If you’re the type of person given to lamenting the deterioration of serious reading and writing, here’s one way you can lift your spirits: Read Trilling’s famous introduction to the 1955 English translation of Babel’s Red Cavalry, a collection of short stories inspired by Babel’s experiences with the Cossacks. Trilling’s offering has got to be one of the most obtuse literary essays ever written. It would never have made it into print today.

Of course, Trilling had a prodigious and unique literary mind. Essays like “Reality in America” and “On the Teaching of Modern Literature” make you recall that there was a time when literary critics didn’t just review books; they rubbed their intellect against society until the sparks flew. Sincerity and Authenticity, Trilling’s masterpiece, is a brilliant intellectual synthesis and an outpouring of original ideas. But maybe that book is so memorable because it was animated by Trilling’s own problem with authenticity.

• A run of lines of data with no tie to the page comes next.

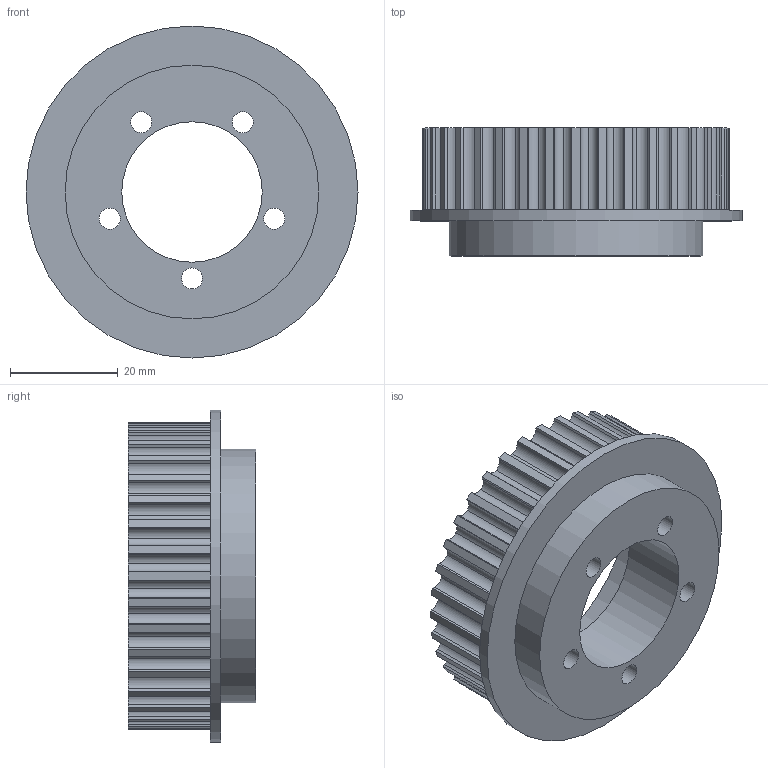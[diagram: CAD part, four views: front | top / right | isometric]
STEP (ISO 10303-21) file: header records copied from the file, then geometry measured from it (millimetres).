
FILE_DESCRIPTION(/* description */ (''),/* implementation_level */ '2;1');
FILE_NAME(/* name */ '36T kegel pulley.stp',/* time_stamp */ '2025-07-14T01:38:31-07:00',/* author */ ('devan'),/* organization */ (''),/* preprocessor_version */ 'ST-DEVELOPER v20',/* originating_system */ 'Autodesk Inventor 2025',/* authorisation */ '');
FILE_SCHEMA (('AUTOMOTIVE_DESIGN { 1 0 10303 214 3 1 1 }'));
Length unit declared in the file: millimetre
Products named in the file (1): gear bracket
Bounding box: 61.5 x 23.7 x 61.5 mm (x, y, z)
Volume: 26974.8 mm3; surface area: 13454.8 mm2
Topology: 1 solids, 1 shells, 194 faces, 567 edges, 378 vertices
Faces by surface type: plane 113, cylinder 81
Full cylindrical faces by diameter (mm): 3.9 x5, 26 x1, 47 x2, 61.5 x1
Entity records: 6520 total; most frequent: CARTESIAN_POINT 1140, ORIENTED_EDGE 1134, DIRECTION 1119, EDGE_CURVE 567, LINE 405, VECTOR 405, VERTEX_POINT 378, AXIS2_PLACEMENT_3D 357
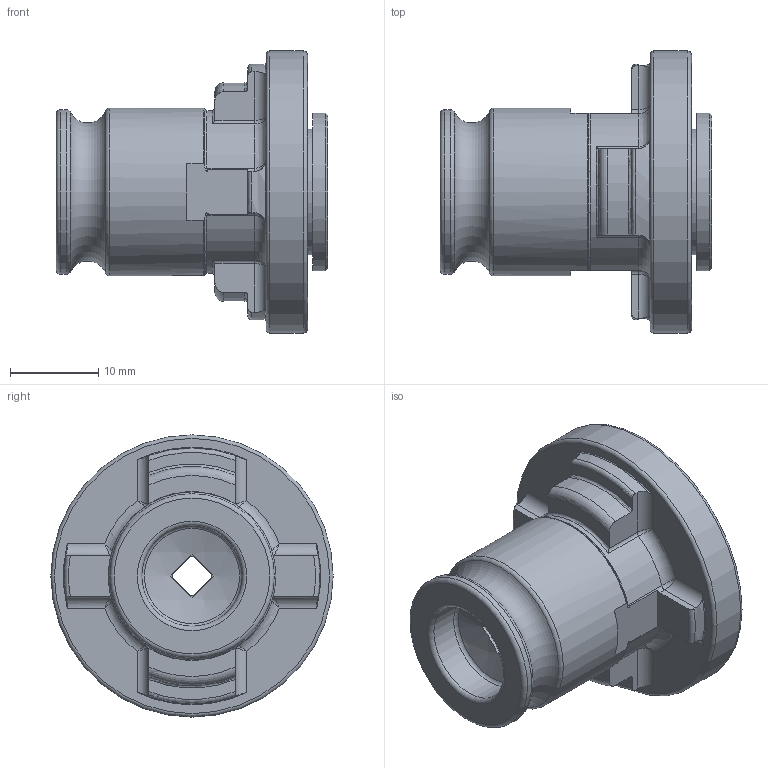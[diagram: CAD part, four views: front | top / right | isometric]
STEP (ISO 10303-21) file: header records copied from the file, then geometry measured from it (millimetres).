
FILE_DESCRIPTION (( 'STEP AP214' ), '1' );
FILE_NAME ('Go1.U05.K31.007.STEP', '2021-07-07T13:27:56', ( '' ), ( '' ), 'SwSTEP 2.0', 'SolidWorks 2017', '' );
FILE_SCHEMA (( 'AUTOMOTIVE_DESIGN' ));
Length unit declared in the file: millimetre
Products named in the file (1): Go1.U05.K31.007
Bounding box: 30.8 x 32 x 32 mm (x, y, z)
Volume: 9620.8 mm3; surface area: 4836.9 mm2
Topology: 1 solids, 1 shells, 114 faces, 283 edges, 168 vertices
Faces by surface type: plane 36, cylinder 34, torus 32, bspline 8, cone 3, sphere 1
Full cylindrical faces by diameter (mm): 2 x2, 4.5 x1, 11.4 x1, 14.2 x1, 17.9 x1, 18.65 x1, 19 x1, 22.8 x1, 32 x1
Entity records: 4870 total; most frequent: CARTESIAN_POINT 1313, ORIENTED_EDGE 496, DIRECTION 490, EDGE_CURVE 248, AXIS2_PLACEMENT_3D 203, VERTEX_POINT 164, EDGE_LOOP 144, FACE_OUTER_BOUND 135

In his short and impressionistic, but essential, biography of Isaac Babel–the only one we have–Jerome Charyn writes appreciatively about Trilling’s essay on Red Cavalry, and he never tries to refute or correct it. What interests Charyn is the way Trilling used Babel to try to escape from the burden of being Lionel Trilling. Such psychological delving fits nicely into Savage Shorthand, which is an attempt to excavate Babel from his own concealing nature, from the secretive times he lived in and from the enigmatic circumstances of his death. Charyn is a wonderful novelist, and his brief speculations about Trilling’s buried motives is a deft leitmotif in his almost novelistic account of Babel’s life.

As Charyn observes, Trilling’s whole career seems to have been one long flight from Jewishness into his impersonation of an Oxford don–“an Anglo-Saxon golem,” as Charyn mordantly puts it. Charyn refers to Trilling’s well-known regret over not being able to make a career as a novelist, and to his struggle with depression. He alludes to Trilling’s avowals, in his now-published journals, of timidity, sexual repression and despair. In Charyn’s view, Trilling displaced his longing to be a creative man of action–a novelist rather than an intellectual–onto Babel.

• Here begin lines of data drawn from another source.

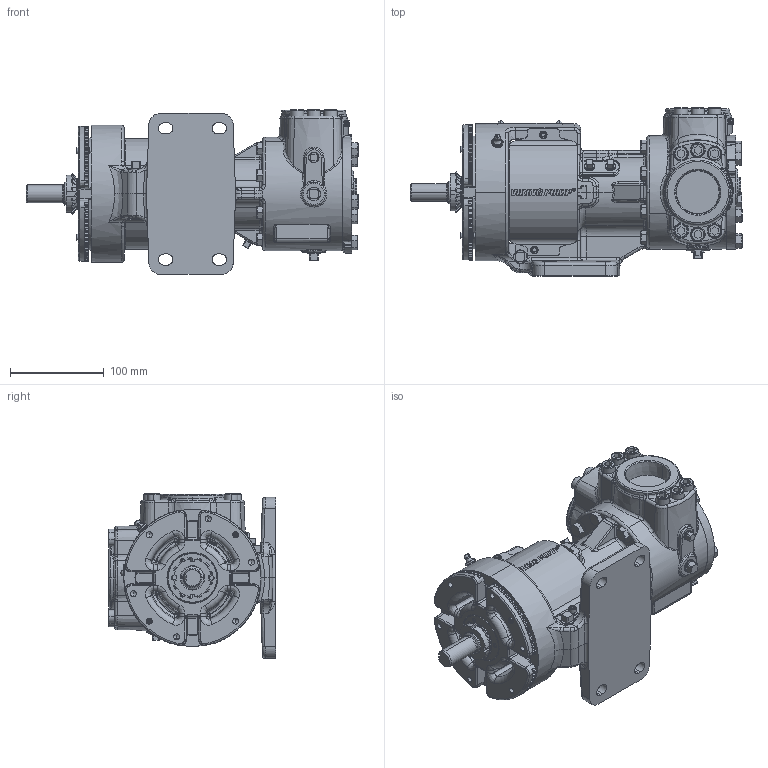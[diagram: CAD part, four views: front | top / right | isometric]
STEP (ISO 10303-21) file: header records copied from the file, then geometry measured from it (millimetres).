
FILE_DESCRIPTION (( 'STEP AP214' ), '1' );
FILE_NAME ('HV-4180.STEP', '2024-04-02T21:07:50', ( '' ), ( '' ), 'SwSTEP 2.0', 'SolidWorks 2022', '' );
FILE_SCHEMA (( 'AUTOMOTIVE_DESIGN' ));
Length unit declared in the file: inch
Products named in the file (1): HV-4180
Bounding box: 353.42 x 178.69 x 175.51 mm (x, y, z)
Volume: 3121824 mm3; surface area: 339866.7 mm2
Topology: 1 solids, 13 shells, 4655 faces, 12004 edges, 7545 vertices
Faces by surface type: bspline 1520, plane 1428, cylinder 895, cone 523, torus 191, sphere 98
Entity records: 265537 total; most frequent: CARTESIAN_POINT 104623, ORIENTED_EDGE 23796, DIRECTION 16632, EDGE_CURVE 11898, VERTEX_POINT 7526, AXIS2_PLACEMENT_3D 6124, EDGE_LOOP 4946, DIMENSIONAL_EXPONENTS 4654

There is indeed something to the idea that Trilling was projecting onto Babel vicarious fantasies of macho artistic freedom. According to Trilling, the Cossacks enthralled the Odessa-born writer, who first made his name with wonderful stories about that Black Sea city’s Jewish gangsters. Babel, Trilling wrote, admired “the boldness, the passionateness, the simplicity and directness–and the grace” of the soldiers in the so-called Red Cavalry. Not only that, but Trilling astonishingly argued that “in the stories of the Red Cavalry Babel submits the ethos of the intellectual to the criticism of the Cossack ethos [and] intends a criticism of [Babel’s own] ethos not merely as an intellectual but as a Jew.”

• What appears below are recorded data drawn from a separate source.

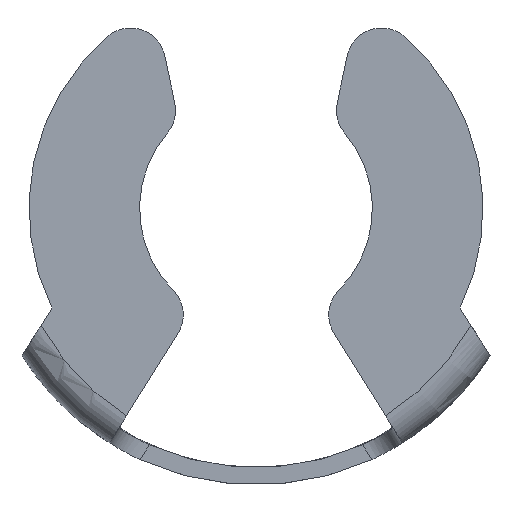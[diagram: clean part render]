
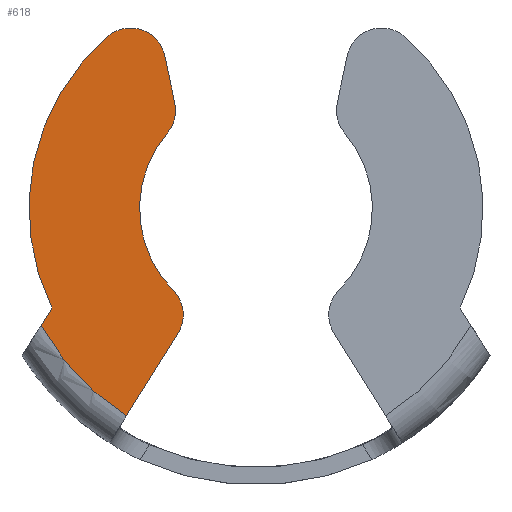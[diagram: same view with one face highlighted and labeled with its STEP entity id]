
A CAD part, front view. The second image highlights one B-rep face of the part: STEP entity #618.
In plain terms, the highlighted planar face has unit normal (0, -1, 0).
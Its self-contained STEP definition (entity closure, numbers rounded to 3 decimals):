
#67 = ORIENTED_EDGE ( 'NONE', *, *, #1012, .F. ) ;
#76 = CARTESIAN_POINT ( 'NONE',  ( -3.048, 0., 2.591 ) ) ;
#82 = CARTESIAN_POINT ( 'NONE',  ( -2.681, 0., -4.291 ) ) ;
#95 = CARTESIAN_POINT ( 'NONE',  ( -3.501, 0., 6.97 ) ) ;
#105 = ORIENTED_EDGE ( 'NONE', *, *, #554, .F. ) ;
#113 = VECTOR ( 'NONE', #169, 1000. ) ;
#115 = CIRCLE ( 'NONE', #1090, 1.2 ) ;
#122 = DIRECTION ( 'NONE',  ( 0., 0., 1. ) ) ;
#140 = DIRECTION ( 'NONE',  ( 0., -1., 0. ) ) ;
#144 = ORIENTED_EDGE ( 'NONE', *, *, #1039, .F. ) ;
#152 = CIRCLE ( 'NONE', #1161, 8.4 ) ;
#169 = DIRECTION ( 'NONE',  ( -0.53, 0., -0.848 ) ) ;
#173 = DIRECTION ( 'NONE',  ( 0., -1., 0. ) ) ;
#187 = VERTEX_POINT ( 'NONE', #502 ) ;
#192 = AXIS2_PLACEMENT_3D ( 'NONE', #1181, #892, #1160 ) ;
#216 = DIRECTION ( 'NONE',  ( 0., -1., 0. ) ) ;
#224 = DIRECTION ( 'NONE',  ( 0., 0., 1. ) ) ;
#226 = EDGE_LOOP ( 'NONE', ( #144, #605, #105, #756, #650, #284, #671, #524, #67 ) ) ;
#260 = PLANE ( 'NONE',  #192 ) ;
#263 = DIRECTION ( 'NONE',  ( 0., 0., 1. ) ) ;
#269 = CARTESIAN_POINT ( 'NONE',  ( -5.034, 0., -8.056 ) ) ;
#272 = AXIS2_PLACEMENT_3D ( 'NONE', #1142, #216, #122 ) ;
#280 = LINE ( 'NONE', #398, #710 ) ;
#284 = ORIENTED_EDGE ( 'NONE', *, *, #836, .T. ) ;
#309 = EDGE_CURVE ( 'NONE', #702, #774, #516, .T. ) ;
#317 = CARTESIAN_POINT ( 'NONE',  ( -2.788, 0., 3.617 ) ) ;
#330 = EDGE_CURVE ( 'NONE', #905, #1176, #152, .T. ) ;
#353 = CIRCLE ( 'NONE', #692, 4. ) ;
#375 = CARTESIAN_POINT ( 'NONE',  ( 0., 0., 0. ) ) ;
#398 = CARTESIAN_POINT ( 'NONE',  ( -8.038, 0., -5.064 ) ) ;
#413 = CARTESIAN_POINT ( 'NONE',  ( -4.309, 0., 4.999 ) ) ;
#430 = CARTESIAN_POINT ( 'NONE',  ( -3.699, 0., -3.655 ) ) ;
#436 = VERTEX_POINT ( 'NONE', #1051 ) ;
#451 = CARTESIAN_POINT ( 'NONE',  ( 0., 0., 0. ) ) ;
#459 = FACE_OUTER_BOUND ( 'NONE', #226, .T. ) ;
#502 = CARTESIAN_POINT ( 'NONE',  ( -2.845, 0., -2.811 ) ) ;
#504 = CARTESIAN_POINT ( 'NONE',  ( -3.135, 0., 5.249 ) ) ;
#511 = DIRECTION ( 'NONE',  ( 0., -1., 0. ) ) ;
#516 = LINE ( 'NONE', #95, #540 ) ;
#521 = CIRCLE ( 'NONE', #558, 7.8 ) ;
#524 = ORIENTED_EDGE ( 'NONE', *, *, #745, .T. ) ;
#540 = VECTOR ( 'NONE', #628, 1000. ) ;
#553 = VERTEX_POINT ( 'NONE', #76 ) ;
#554 = EDGE_CURVE ( 'NONE', #601, #1176, #805, .T. ) ;
#558 = AXIS2_PLACEMENT_3D ( 'NONE', #1082, #904, #263 ) ;
#601 = VERTEX_POINT ( 'NONE', #82 ) ;
#605 = ORIENTED_EDGE ( 'NONE', *, *, #330, .T. ) ;
#618 = ADVANCED_FACE ( 'NONE', ( #459 ), #260, .F. ) ;
#628 = DIRECTION ( 'NONE',  ( 0.208, 0., -0.978 ) ) ;
#650 = ORIENTED_EDGE ( 'NONE', *, *, #943, .F. ) ;
#671 = ORIENTED_EDGE ( 'NONE', *, *, #309, .F. ) ;
#692 = AXIS2_PLACEMENT_3D ( 'NONE', #451, #884, #1172 ) ;
#695 = DIRECTION ( 'NONE',  ( 0., 0., 1. ) ) ;
#702 = VERTEX_POINT ( 'NONE', #504 ) ;
#710 = VECTOR ( 'NONE', #839, 1000. ) ;
#714 = EDGE_CURVE ( 'NONE', #601, #187, #115, .T. ) ;
#745 = EDGE_CURVE ( 'NONE', #702, #436, #1126, .T. ) ;
#756 = ORIENTED_EDGE ( 'NONE', *, *, #714, .T. ) ;
#774 = VERTEX_POINT ( 'NONE', #317 ) ;
#784 = CARTESIAN_POINT ( 'NONE',  ( -4.451, 0., -7.124 ) ) ;
#793 = CARTESIAN_POINT ( 'NONE',  ( -7.38, 0., -4.011 ) ) ;
#803 = CIRCLE ( 'NONE', #272, 1.2 ) ;
#805 = LINE ( 'NONE', #269, #113 ) ;
#836 = EDGE_CURVE ( 'NONE', #553, #774, #803, .T. ) ;
#839 = DIRECTION ( 'NONE',  ( 0.53, 0., 0.848 ) ) ;
#846 = CARTESIAN_POINT ( 'NONE',  ( -7.011, 0., -3.419 ) ) ;
#884 = DIRECTION ( 'NONE',  ( 0., -1., 0. ) ) ;
#892 = DIRECTION ( 'NONE',  ( 0., 1., 0. ) ) ;
#904 = DIRECTION ( 'NONE',  ( 0., 1., 0. ) ) ;
#905 = VERTEX_POINT ( 'NONE', #793 ) ;
#936 = AXIS2_PLACEMENT_3D ( 'NONE', #413, #140, #695 ) ;
#943 = EDGE_CURVE ( 'NONE', #553, #187, #353, .T. ) ;
#1012 = EDGE_CURVE ( 'NONE', #1059, #436, #521, .T. ) ;
#1039 = EDGE_CURVE ( 'NONE', #905, #1059, #280, .T. ) ;
#1051 = CARTESIAN_POINT ( 'NONE',  ( -5.092, 0., 5.908 ) ) ;
#1059 = VERTEX_POINT ( 'NONE', #846 ) ;
#1082 = CARTESIAN_POINT ( 'NONE',  ( 0., 0., 0. ) ) ;
#1090 = AXIS2_PLACEMENT_3D ( 'NONE', #430, #511, #224 ) ;
#1099 = DIRECTION ( 'NONE',  ( 0., 0., 1. ) ) ;
#1126 = CIRCLE ( 'NONE', #936, 1.2 ) ;
#1142 = CARTESIAN_POINT ( 'NONE',  ( -3.962, 0., 3.368 ) ) ;
#1160 = DIRECTION ( 'NONE',  ( 0., 0., 1. ) ) ;
#1161 = AXIS2_PLACEMENT_3D ( 'NONE', #375, #173, #1099 ) ;
#1172 = DIRECTION ( 'NONE',  ( 0., 0., 1. ) ) ;
#1176 = VERTEX_POINT ( 'NONE', #784 ) ;
#1181 = CARTESIAN_POINT ( 'NONE',  ( 0., 0., 0. ) ) ;

And why was Babel so drawn to such qualities in the first place? Trilling draws his answer straight out of the Freudian playbook. Reading Babel’s short story “First Love” as the recounting of a real event, Trilling attributes Babel’s enchantment with the Cossacks to that tale’s central event. “Babel had seen his father on his knees before a Cossack captain on a horse, who said ‘At your service,’ and touched his fur cap with his yellow-gloved hand and politely paid no heed to the mob looting the Babel store.” Trilling’s diagnosis: “The sons of such men have much to prove, much to test themselves for, and, if they are Jewish, their Jewishness is ineluctably involved in the test.” Ineluctably, no less. For the Jewish don this was the fundamental reason that Babel sustained his admiration for the Red Cavalry, despite the fact that he witnessed the Cossacks murdering and raping Jews, and pillaging their houses and synagogues. In Trilling’s eyes–there is no delicate way to say this–Babel was a self-hating Jew and a self-hating intellectual who, as Trilling naïvely did, located the source of artistic creativity in feral vitality.

It’s hard to contest Charyn’s subtle insinuation of Trilling’s projection onto Babel of Trilling’s own shame-ridden self, hidden under the British manner, beneath the defensive, sniffy, faux-Edwardian prose. Charyn accepts Trilling’s embarrassing self-exposure as a valid means of doing literary criticism and goes on to call the introduction “dazzling.” Unfortunately, he never mentions Cynthia Ozick’s attack on Trilling; in fact, he barely mentions Ozick at all.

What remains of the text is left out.